» **Data supplied**
==============================
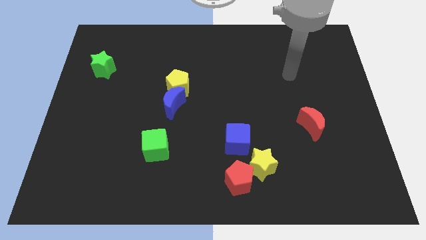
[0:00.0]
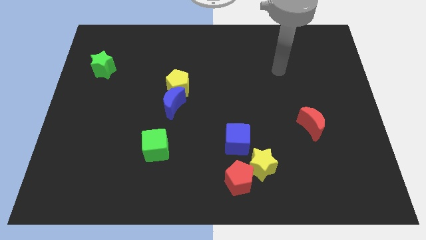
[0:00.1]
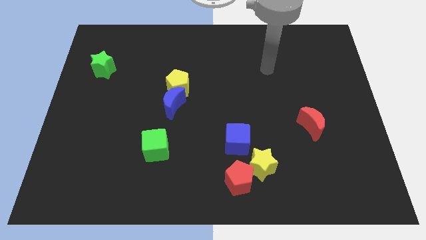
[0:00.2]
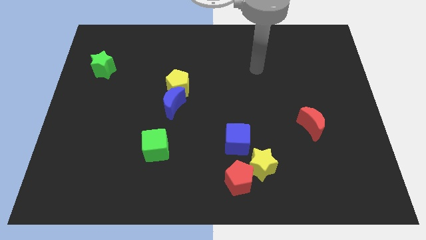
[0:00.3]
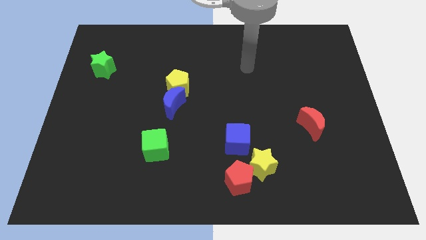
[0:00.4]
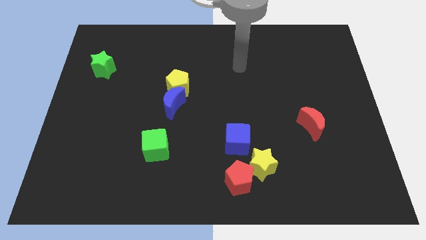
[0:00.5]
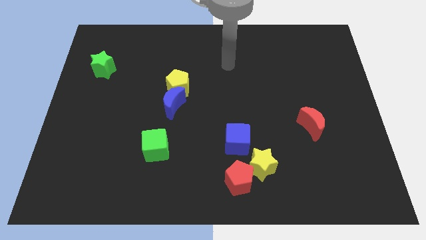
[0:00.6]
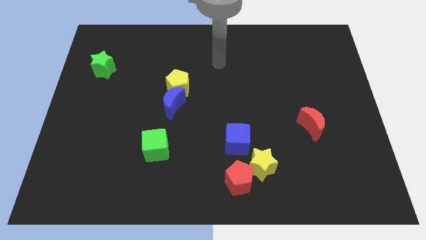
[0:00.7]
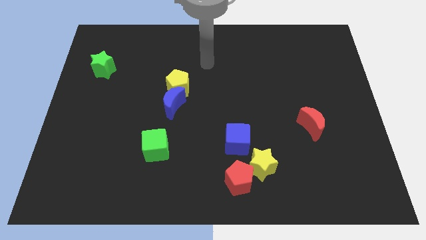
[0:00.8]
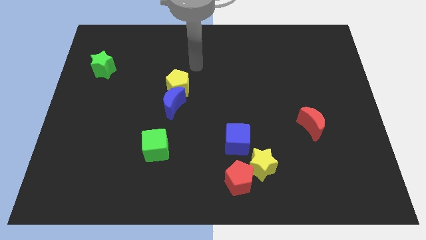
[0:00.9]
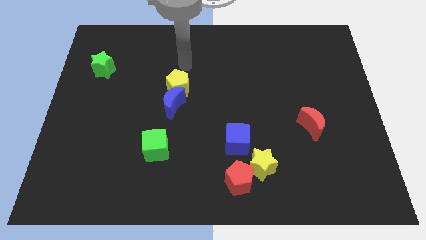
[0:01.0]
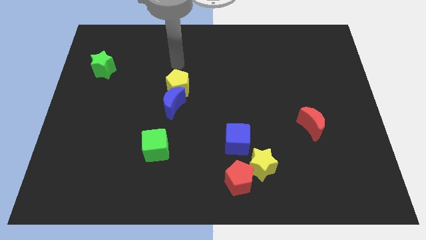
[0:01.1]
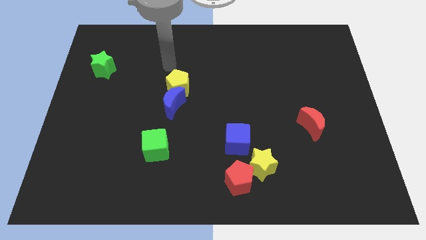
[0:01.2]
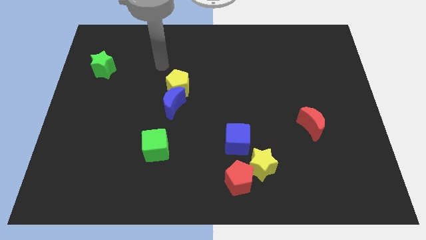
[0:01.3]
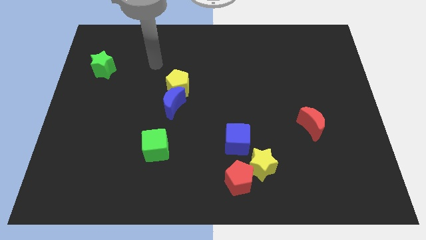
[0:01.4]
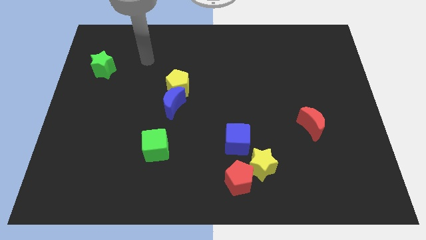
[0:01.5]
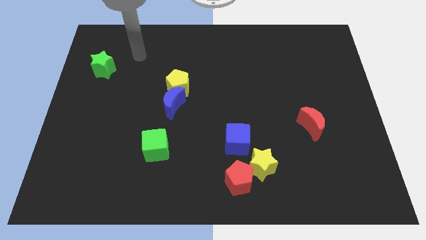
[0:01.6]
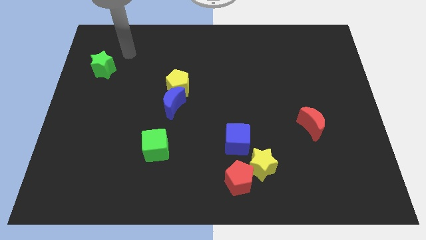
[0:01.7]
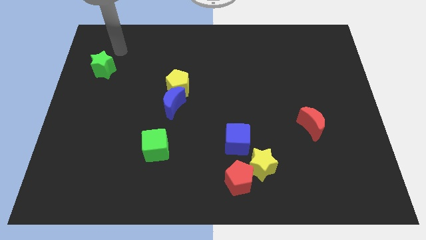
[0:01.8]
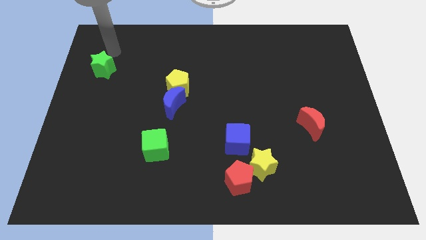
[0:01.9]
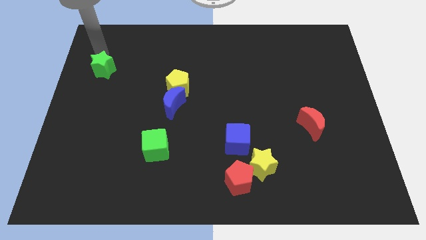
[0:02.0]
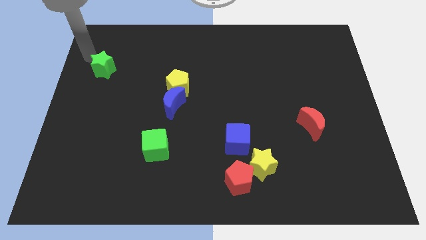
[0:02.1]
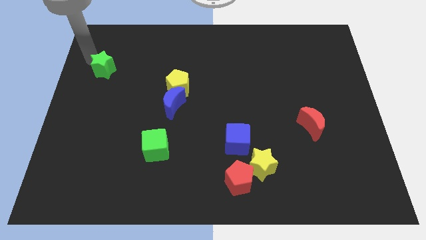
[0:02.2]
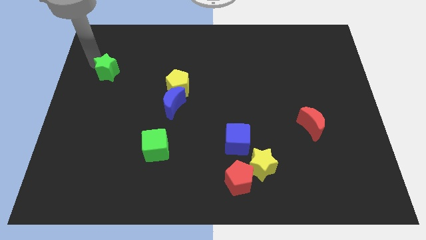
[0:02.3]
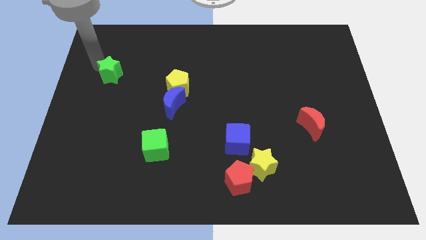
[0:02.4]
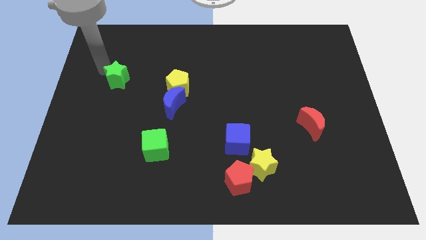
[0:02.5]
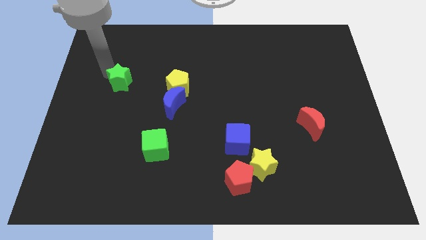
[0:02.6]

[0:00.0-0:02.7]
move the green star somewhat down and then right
==============================
» **What you have to do**
Working from the lines above, reproduce the material exactly and exclude its pictures.

» **Answer section**
[0:00.0]
[0:00.1]
[0:00.2]
[0:00.3]
[0:00.4]
[0:00.5]
[0:00.6]
[0:00.7]
[0:00.8]
[0:00.9]
[0:01.0]
[0:01.1]
[0:01.2]
[0:01.3]
[0:01.4]
[0:01.5]
[0:01.6]
[0:01.7]
[0:01.8]
[0:01.9]
[0:02.0]
[0:02.1]
[0:02.2]
[0:02.3]
[0:02.4]
[0:02.5]
[0:02.6]

[0:00.0-0:02.7]
move the green star somewhat down and then right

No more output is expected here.